Thursday, August 02, 2007

the sappiest conspiracy since Jesus

Even ignoring David Brooks, one can't help but notice that the New York Times publishes many pieces about marriage. Today's is about how it feels when a wedding band falls off:
I noticed the indentation left by the ring, like a phantom band, and the skin tone of this narrow groove, a shade paler than the rest. I felt guilty, as though I had committed an act of infidelity. I imagined my wife’s quiet disappointment; there is nothing in the world quite like it. My hand grew heavy.

The essay is both uninformative and drab. There's only one possible explanation for why the Times printed it: monogamism.

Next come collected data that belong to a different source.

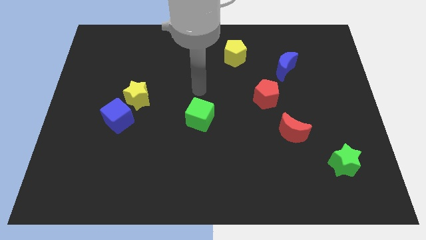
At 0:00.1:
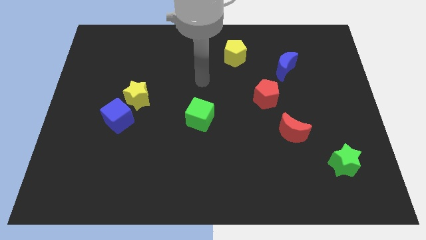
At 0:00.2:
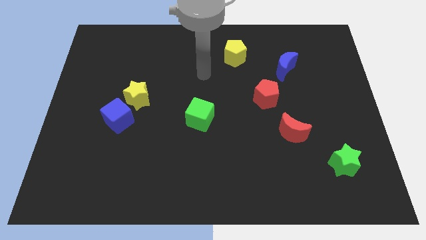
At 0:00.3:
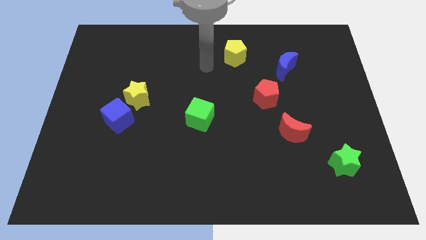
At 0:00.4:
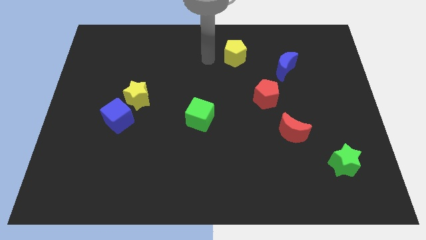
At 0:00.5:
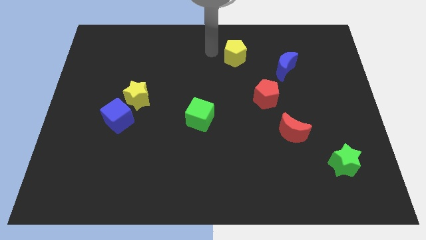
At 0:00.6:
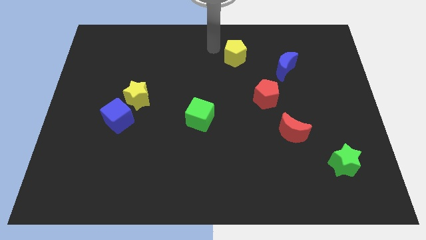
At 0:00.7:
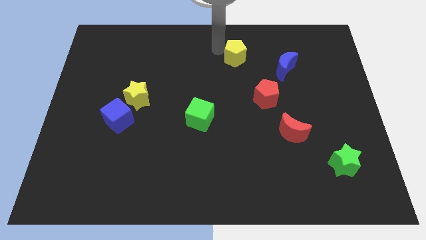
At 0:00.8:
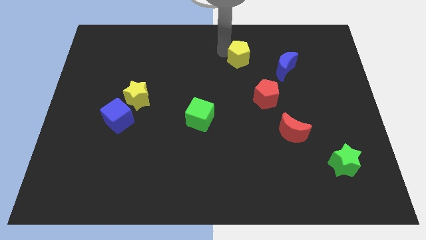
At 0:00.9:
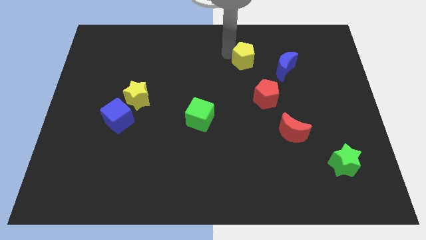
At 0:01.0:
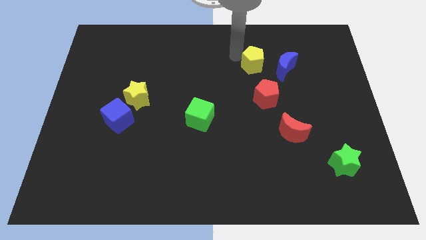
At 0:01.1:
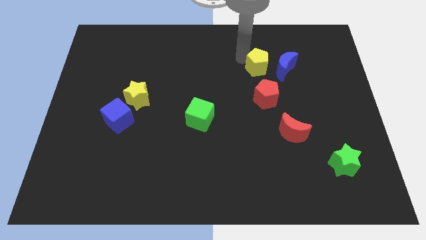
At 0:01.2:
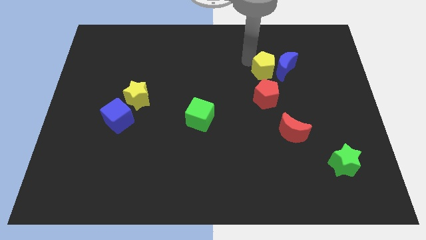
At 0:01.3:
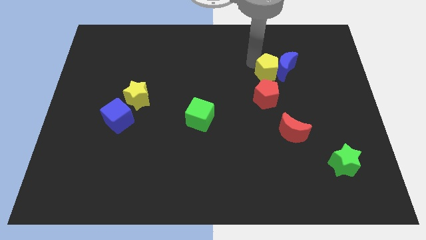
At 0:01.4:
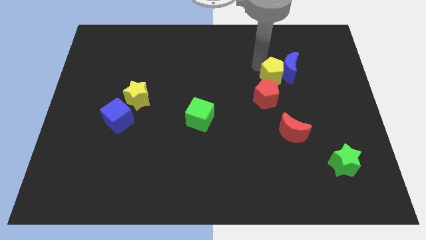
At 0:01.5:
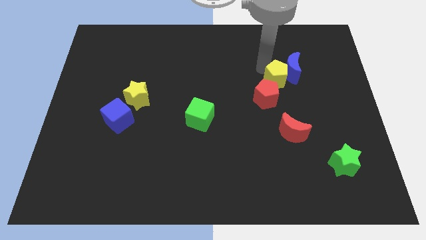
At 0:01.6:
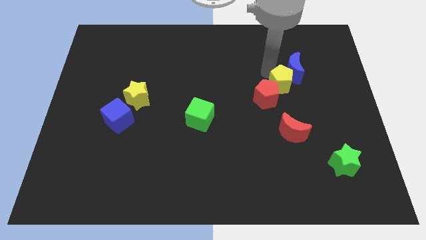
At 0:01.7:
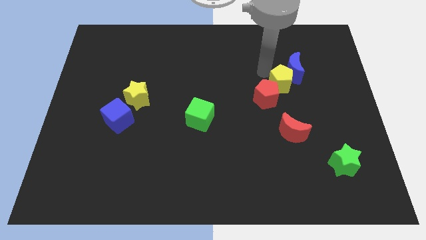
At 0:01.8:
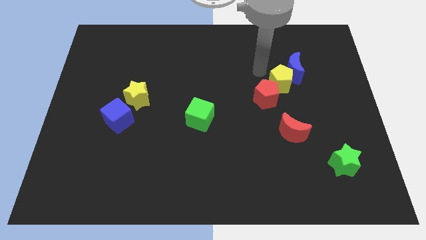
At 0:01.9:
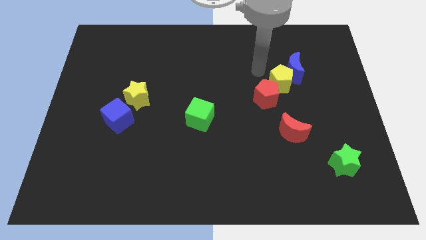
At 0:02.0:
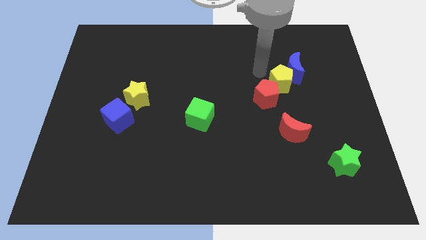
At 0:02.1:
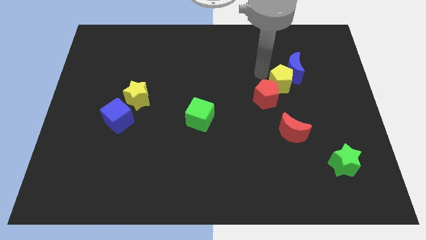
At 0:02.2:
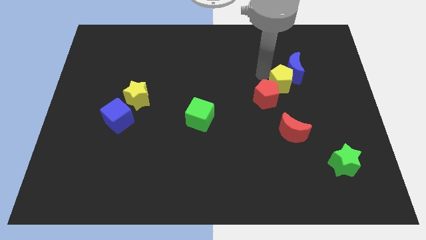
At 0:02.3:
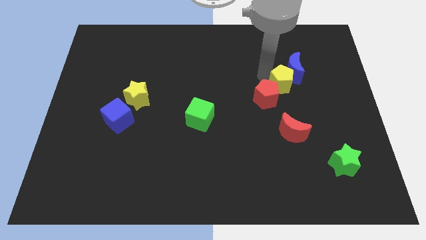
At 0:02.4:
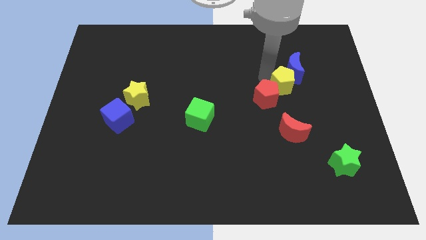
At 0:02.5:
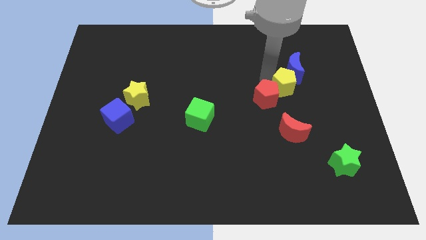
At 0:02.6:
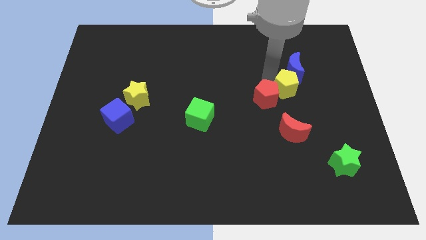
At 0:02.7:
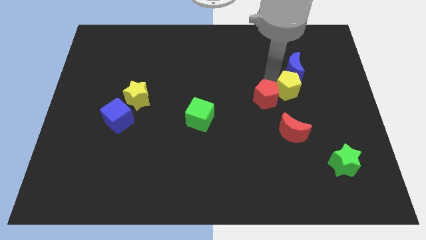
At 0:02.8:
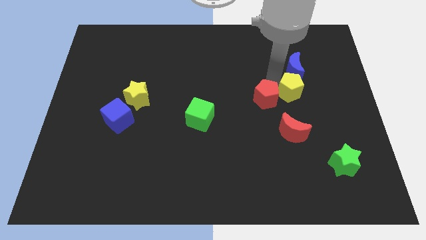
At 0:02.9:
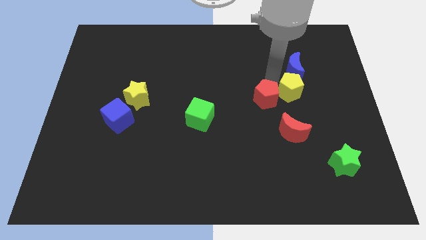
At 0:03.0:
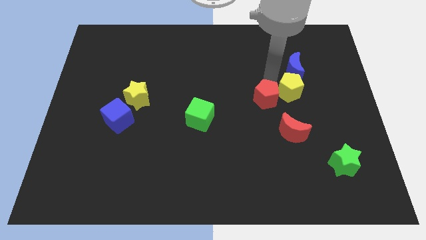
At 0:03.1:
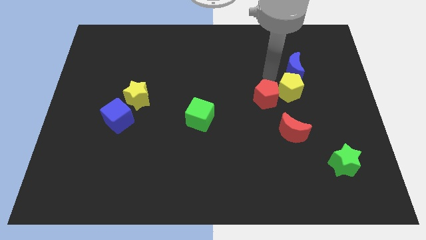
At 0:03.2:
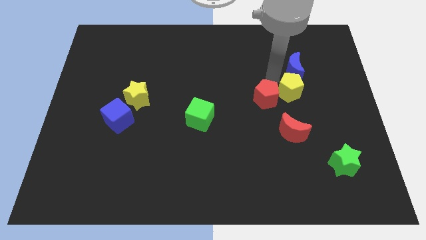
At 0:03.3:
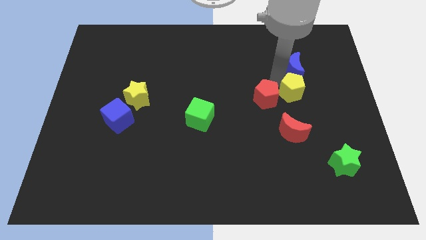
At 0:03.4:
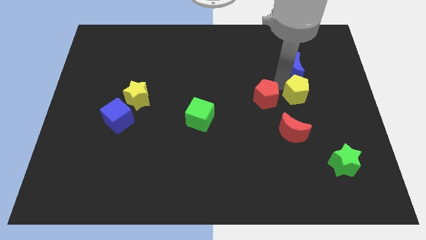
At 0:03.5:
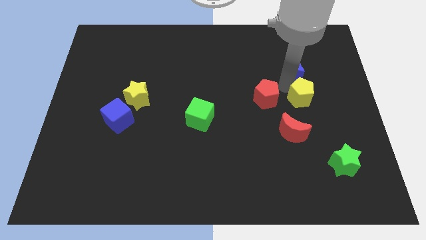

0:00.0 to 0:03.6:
move the yellow pentagon downwards and then right

A lot of otherwise sober individuals and media outlets are flamboyantly sentimental when it comes to marriage. I call them the monogamists. These people aren't just personally monogamous. They choose to flaunt their monogamous lifestyle, talking about their spouses in inappropriate venues such as law school classroom discussions and the New York Times. They tell single and polyamorous people "don't worry, you'll find someone" and then peck their legally special someone on the cheek, "mwah." They try to convince me and themselves that marriage is both normal and AWESOME. No one ever points out that, like the miracle of birth, that's a contradiction in terms. Normal is rarely, if ever, awesome.

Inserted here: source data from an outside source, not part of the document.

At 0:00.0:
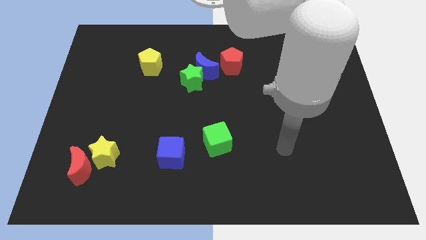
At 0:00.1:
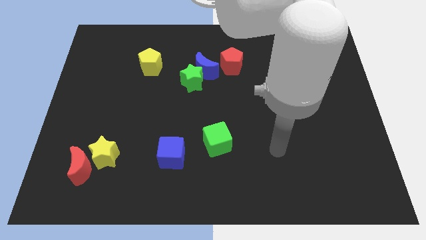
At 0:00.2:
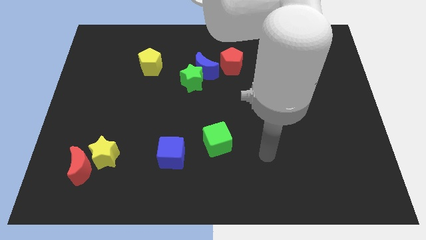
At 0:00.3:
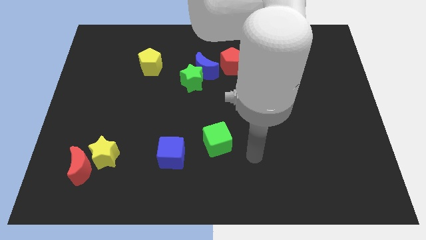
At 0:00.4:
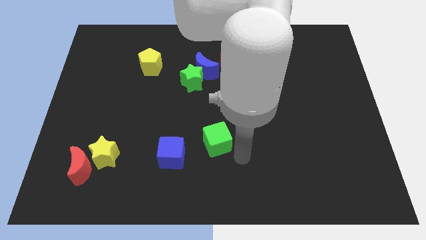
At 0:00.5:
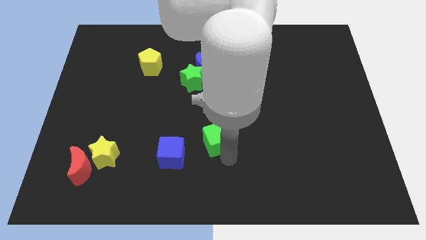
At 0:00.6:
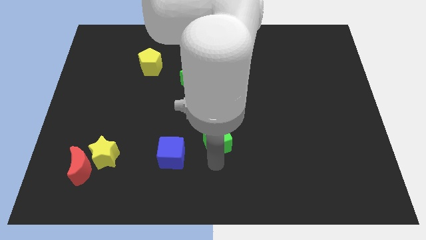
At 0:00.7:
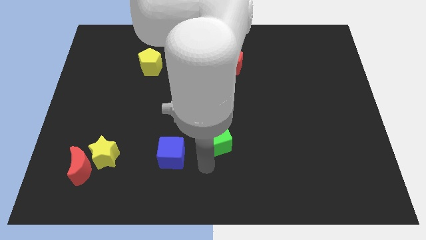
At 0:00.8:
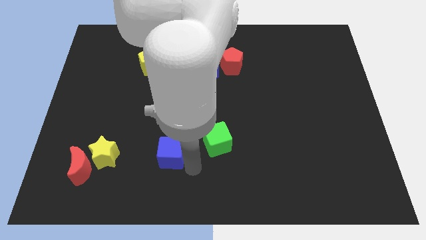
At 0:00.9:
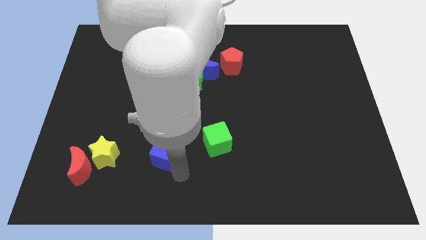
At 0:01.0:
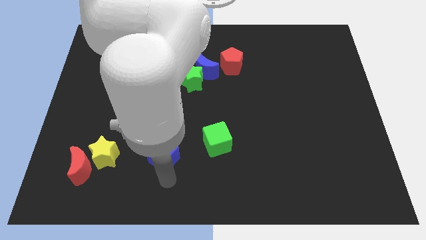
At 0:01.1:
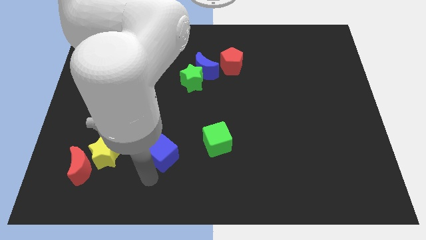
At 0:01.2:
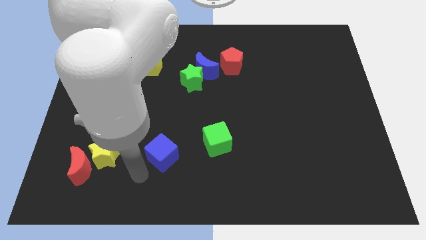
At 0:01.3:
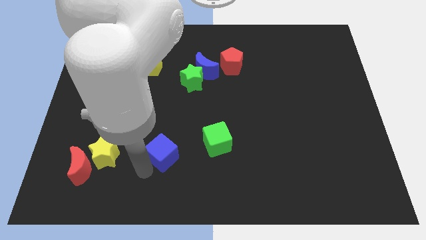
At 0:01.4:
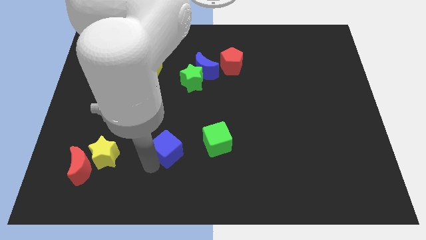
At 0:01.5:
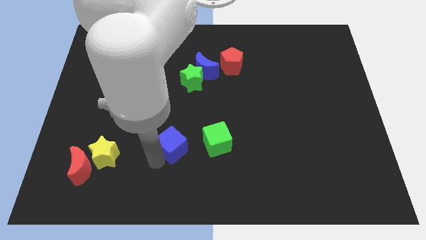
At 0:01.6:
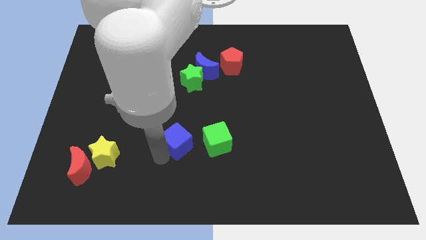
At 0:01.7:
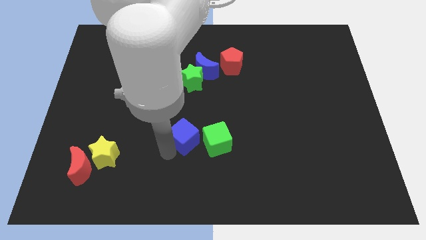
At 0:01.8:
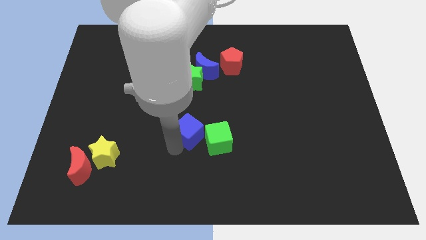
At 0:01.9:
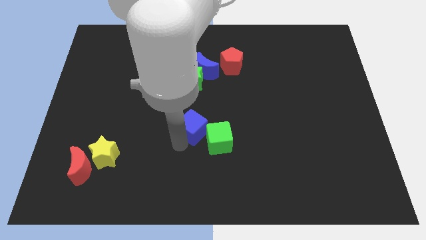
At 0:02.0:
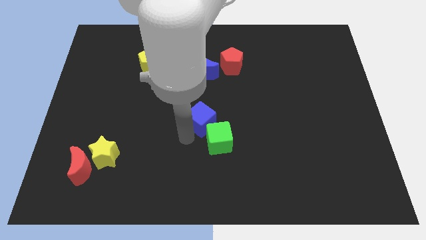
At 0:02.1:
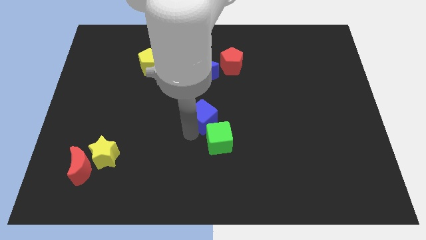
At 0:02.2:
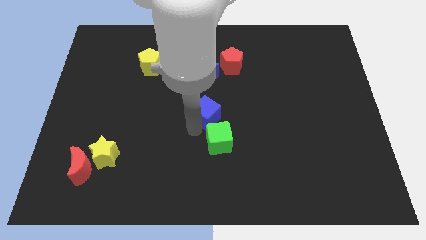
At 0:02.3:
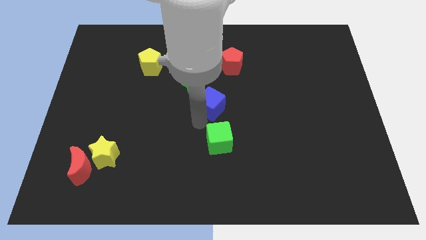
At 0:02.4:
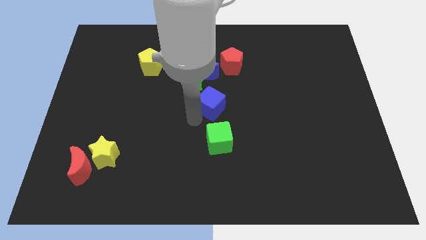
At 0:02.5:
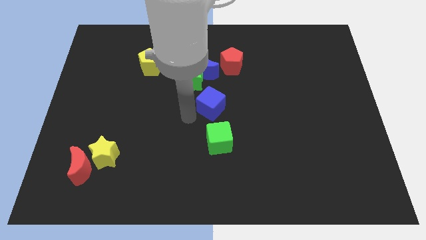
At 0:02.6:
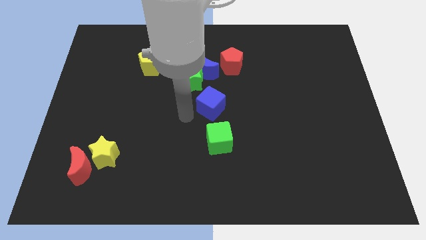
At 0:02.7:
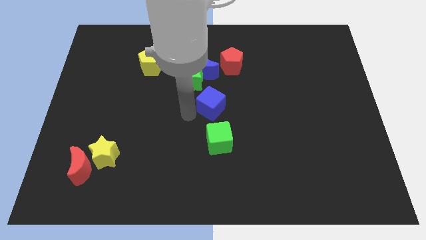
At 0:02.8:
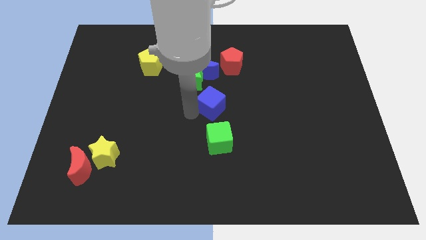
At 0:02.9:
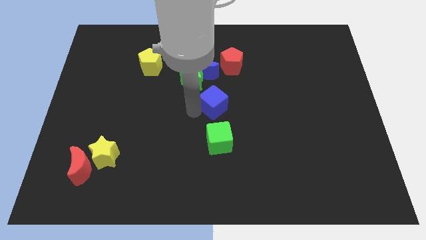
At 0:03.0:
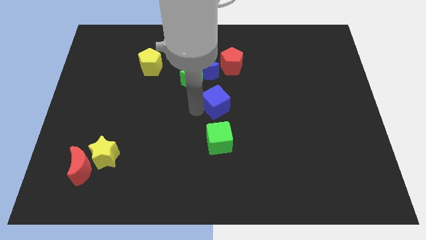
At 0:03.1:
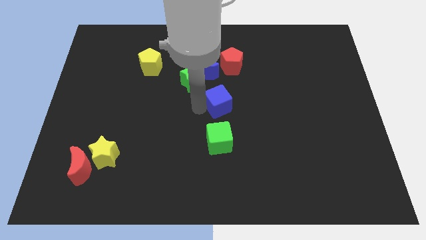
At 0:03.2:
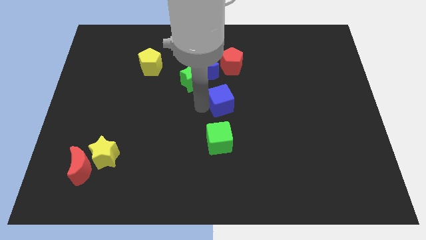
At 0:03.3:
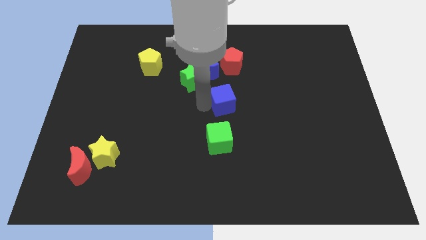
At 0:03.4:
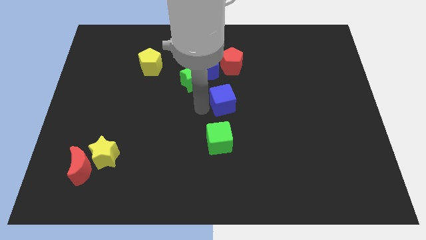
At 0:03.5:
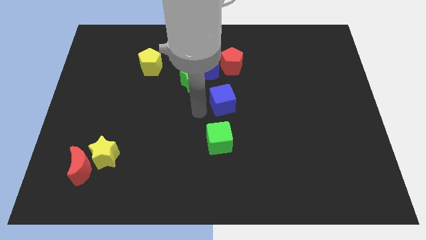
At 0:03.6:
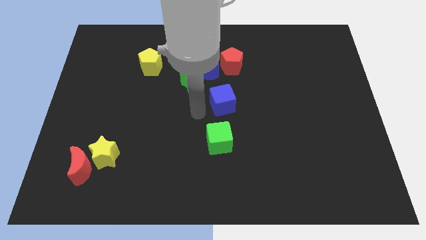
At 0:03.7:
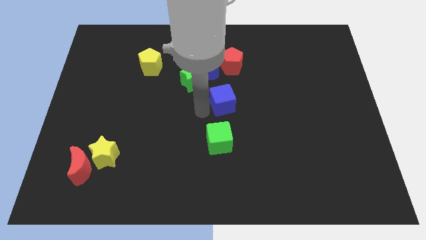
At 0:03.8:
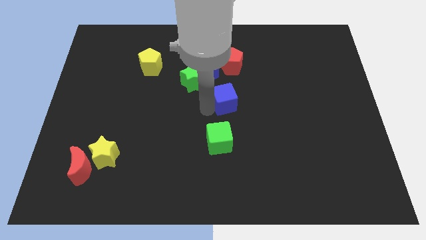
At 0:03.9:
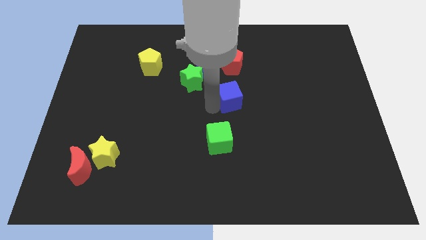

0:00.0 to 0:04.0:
move the blue cube diagonally up and right

The most offensive monogamist is the New York Times. First, because it's an otherwise intelligent newspaper, so its sponsorship makes marriage sound like an intelligent choice (contrast with Bill O'Reilly or the Roman Catholic Church).

Second, because they favor gay marriage. This is scary-shrewd of them. Gay people used to be the one group in our society that stood for alternative lifestyles. When marriage was a straight thing, single heteros could hang around gay cliques and be normal. But now gay people are just as likely to be smug monogamists as straights.

Because telling a gay person she doesn't have to be single is like telling a female lawyer she doesn't have to wear skirts. In an already pants-wearing world, that means women are going to stop wearing skirts. Wouldn't it be better if we encouraged men to wear skirts? (Trust me guys, it would. Skirts are awesome!) The New York Times has co-opted us, and now single people are homeless.

I'll keep track of monogamism here because somebody has to. Monogamism is the new Marxism and I am scared!